1932 by David Pietrusza

1932 by David Pietrusza

Author:David Pietrusza
Language: eng
Format: epub
ISBN: 9781493018055
Publisher: Lyons Press
Published: 2015-08-11T04:00:00+00:00


CHAPTER TWENTY-TWO

“We always call her ‘Granny’”

TO SOME POLITICS WAS A WAR NOT ALWAYS WORTH FIGHTING.

Just before midnight Monday, September 12, Joe Kennedy and his loyal henchman Eddie Moore had accompanied FDR and his usual crew as they departed Albany aboard the Roosevelt Special.1

Eleanor Roosevelt did not. She did not even see him off. That evening she—and lame-duck “dry” Florida congresswoman Ruth Bryan Owen (the late William Jennings Bryan’s daughter)—instead delivered radio speeches from the NBC Red Network’s 50,000-watt New York-affiliate WEAF.2

And, thereby, hung a tale of very long standing.

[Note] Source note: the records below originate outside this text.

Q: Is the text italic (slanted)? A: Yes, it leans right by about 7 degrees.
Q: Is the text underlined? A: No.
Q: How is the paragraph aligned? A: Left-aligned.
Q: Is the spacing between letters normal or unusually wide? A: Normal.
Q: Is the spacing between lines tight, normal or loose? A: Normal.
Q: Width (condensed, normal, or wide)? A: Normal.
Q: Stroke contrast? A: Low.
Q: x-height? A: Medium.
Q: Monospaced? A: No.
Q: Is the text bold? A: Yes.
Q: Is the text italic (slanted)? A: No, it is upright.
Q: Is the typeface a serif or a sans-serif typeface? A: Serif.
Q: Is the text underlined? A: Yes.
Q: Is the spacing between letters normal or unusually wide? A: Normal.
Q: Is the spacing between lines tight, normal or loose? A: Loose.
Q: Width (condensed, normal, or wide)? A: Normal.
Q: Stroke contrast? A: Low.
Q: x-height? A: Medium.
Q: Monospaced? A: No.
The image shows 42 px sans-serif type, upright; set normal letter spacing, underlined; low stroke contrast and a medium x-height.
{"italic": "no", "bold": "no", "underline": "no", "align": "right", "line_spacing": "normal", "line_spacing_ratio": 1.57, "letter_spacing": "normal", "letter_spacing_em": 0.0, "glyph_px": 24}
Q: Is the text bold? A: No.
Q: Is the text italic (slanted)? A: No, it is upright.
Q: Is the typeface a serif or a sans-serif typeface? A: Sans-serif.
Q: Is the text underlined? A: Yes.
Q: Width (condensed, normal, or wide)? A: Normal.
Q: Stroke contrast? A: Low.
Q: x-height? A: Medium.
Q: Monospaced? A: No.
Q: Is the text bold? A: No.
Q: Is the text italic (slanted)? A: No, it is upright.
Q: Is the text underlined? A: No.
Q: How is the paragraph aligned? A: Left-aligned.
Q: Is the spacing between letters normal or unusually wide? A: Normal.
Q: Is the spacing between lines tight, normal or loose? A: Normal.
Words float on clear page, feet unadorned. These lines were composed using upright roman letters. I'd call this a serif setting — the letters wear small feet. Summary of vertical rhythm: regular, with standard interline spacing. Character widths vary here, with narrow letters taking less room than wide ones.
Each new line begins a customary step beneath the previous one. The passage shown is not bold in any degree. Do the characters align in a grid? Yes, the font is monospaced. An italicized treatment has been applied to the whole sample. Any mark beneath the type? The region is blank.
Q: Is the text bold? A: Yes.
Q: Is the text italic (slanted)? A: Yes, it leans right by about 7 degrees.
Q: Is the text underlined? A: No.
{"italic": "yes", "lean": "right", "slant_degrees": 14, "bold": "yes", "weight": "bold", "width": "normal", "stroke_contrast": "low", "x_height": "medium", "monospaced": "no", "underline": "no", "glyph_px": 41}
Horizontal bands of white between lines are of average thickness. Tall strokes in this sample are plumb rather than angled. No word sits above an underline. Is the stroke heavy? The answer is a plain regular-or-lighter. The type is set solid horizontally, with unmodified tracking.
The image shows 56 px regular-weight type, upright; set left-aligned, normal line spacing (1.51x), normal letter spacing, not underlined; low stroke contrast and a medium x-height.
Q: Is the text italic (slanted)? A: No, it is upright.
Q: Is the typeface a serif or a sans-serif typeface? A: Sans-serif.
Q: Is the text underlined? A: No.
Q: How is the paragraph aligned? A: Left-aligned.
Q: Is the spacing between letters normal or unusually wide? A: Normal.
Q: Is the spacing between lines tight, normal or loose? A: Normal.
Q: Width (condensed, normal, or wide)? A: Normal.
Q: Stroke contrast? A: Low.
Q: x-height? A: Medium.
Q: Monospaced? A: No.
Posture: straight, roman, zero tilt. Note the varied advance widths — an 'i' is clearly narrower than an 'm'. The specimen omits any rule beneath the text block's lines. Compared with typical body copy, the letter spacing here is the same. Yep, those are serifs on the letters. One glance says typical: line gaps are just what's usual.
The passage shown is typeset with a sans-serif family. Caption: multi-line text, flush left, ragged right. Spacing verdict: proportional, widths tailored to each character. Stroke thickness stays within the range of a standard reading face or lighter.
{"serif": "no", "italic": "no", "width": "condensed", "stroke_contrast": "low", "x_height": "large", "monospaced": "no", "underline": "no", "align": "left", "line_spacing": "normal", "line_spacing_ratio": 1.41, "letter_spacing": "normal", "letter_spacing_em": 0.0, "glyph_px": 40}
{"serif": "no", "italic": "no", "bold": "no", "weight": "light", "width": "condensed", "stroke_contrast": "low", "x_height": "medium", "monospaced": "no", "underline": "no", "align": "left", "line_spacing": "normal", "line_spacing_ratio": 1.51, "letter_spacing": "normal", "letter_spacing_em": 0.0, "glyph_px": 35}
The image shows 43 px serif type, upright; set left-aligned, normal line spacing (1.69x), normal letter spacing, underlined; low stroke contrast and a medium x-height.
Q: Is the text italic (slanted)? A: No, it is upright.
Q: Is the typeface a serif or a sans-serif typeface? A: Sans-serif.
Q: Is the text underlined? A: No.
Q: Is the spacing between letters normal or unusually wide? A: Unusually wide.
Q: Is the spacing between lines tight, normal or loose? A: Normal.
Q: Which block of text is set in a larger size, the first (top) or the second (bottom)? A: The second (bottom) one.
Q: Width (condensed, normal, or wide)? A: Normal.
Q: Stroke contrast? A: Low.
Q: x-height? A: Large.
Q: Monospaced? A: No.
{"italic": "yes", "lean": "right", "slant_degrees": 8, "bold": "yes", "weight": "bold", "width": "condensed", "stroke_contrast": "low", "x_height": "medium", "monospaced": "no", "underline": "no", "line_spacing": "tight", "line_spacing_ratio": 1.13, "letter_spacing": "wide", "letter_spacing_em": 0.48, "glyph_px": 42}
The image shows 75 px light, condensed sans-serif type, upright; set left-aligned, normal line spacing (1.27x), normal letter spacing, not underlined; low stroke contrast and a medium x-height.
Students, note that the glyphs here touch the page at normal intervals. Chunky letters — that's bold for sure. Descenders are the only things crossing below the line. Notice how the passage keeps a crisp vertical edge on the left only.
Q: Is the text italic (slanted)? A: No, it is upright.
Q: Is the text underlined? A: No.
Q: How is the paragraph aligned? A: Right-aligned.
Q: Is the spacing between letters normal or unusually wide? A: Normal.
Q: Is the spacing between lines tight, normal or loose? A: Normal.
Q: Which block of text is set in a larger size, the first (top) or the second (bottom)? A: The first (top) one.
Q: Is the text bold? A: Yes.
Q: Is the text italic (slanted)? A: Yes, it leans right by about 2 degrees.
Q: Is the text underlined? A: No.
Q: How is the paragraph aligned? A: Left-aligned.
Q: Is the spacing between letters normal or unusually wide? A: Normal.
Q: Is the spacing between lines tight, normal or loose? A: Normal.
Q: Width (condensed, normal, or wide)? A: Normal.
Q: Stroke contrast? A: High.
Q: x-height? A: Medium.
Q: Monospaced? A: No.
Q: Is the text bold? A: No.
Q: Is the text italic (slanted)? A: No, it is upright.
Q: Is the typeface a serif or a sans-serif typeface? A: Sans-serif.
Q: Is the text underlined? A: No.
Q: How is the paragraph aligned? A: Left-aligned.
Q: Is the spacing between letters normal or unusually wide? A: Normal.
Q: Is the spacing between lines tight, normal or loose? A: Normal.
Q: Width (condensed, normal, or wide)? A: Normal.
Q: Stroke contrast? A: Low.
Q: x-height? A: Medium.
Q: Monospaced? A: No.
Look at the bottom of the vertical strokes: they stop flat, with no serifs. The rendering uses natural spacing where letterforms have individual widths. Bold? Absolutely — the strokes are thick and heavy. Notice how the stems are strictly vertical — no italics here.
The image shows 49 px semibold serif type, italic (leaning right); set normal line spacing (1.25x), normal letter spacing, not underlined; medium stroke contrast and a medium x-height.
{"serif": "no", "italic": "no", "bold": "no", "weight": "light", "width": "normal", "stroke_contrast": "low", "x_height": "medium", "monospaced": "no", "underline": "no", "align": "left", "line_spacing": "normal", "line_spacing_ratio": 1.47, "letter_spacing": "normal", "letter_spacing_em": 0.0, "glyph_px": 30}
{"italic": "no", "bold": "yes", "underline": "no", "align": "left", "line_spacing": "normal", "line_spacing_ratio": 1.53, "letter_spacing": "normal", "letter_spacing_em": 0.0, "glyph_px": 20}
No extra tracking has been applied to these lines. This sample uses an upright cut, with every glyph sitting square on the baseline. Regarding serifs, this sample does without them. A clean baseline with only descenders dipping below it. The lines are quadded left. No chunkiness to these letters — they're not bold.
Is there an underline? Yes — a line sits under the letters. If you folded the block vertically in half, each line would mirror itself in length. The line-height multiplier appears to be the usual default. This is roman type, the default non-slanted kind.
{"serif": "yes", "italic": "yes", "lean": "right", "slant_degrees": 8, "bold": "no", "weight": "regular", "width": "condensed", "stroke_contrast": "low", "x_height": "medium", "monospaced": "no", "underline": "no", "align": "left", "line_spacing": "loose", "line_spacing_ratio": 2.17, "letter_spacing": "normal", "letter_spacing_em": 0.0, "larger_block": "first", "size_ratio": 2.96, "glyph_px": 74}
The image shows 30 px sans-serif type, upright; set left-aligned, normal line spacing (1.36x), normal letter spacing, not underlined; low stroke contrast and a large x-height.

Mrs. Franklin Delano Roosevelt was very conflicted about Mr. Roosevelt’s career. She was very conflicted about many things.

Franklin enjoyed a most enviable childhood. Handsome and loved, his family lavished upon him security and unwavering support.

Eleanor’s childhood was the stuff of gothic nightmares.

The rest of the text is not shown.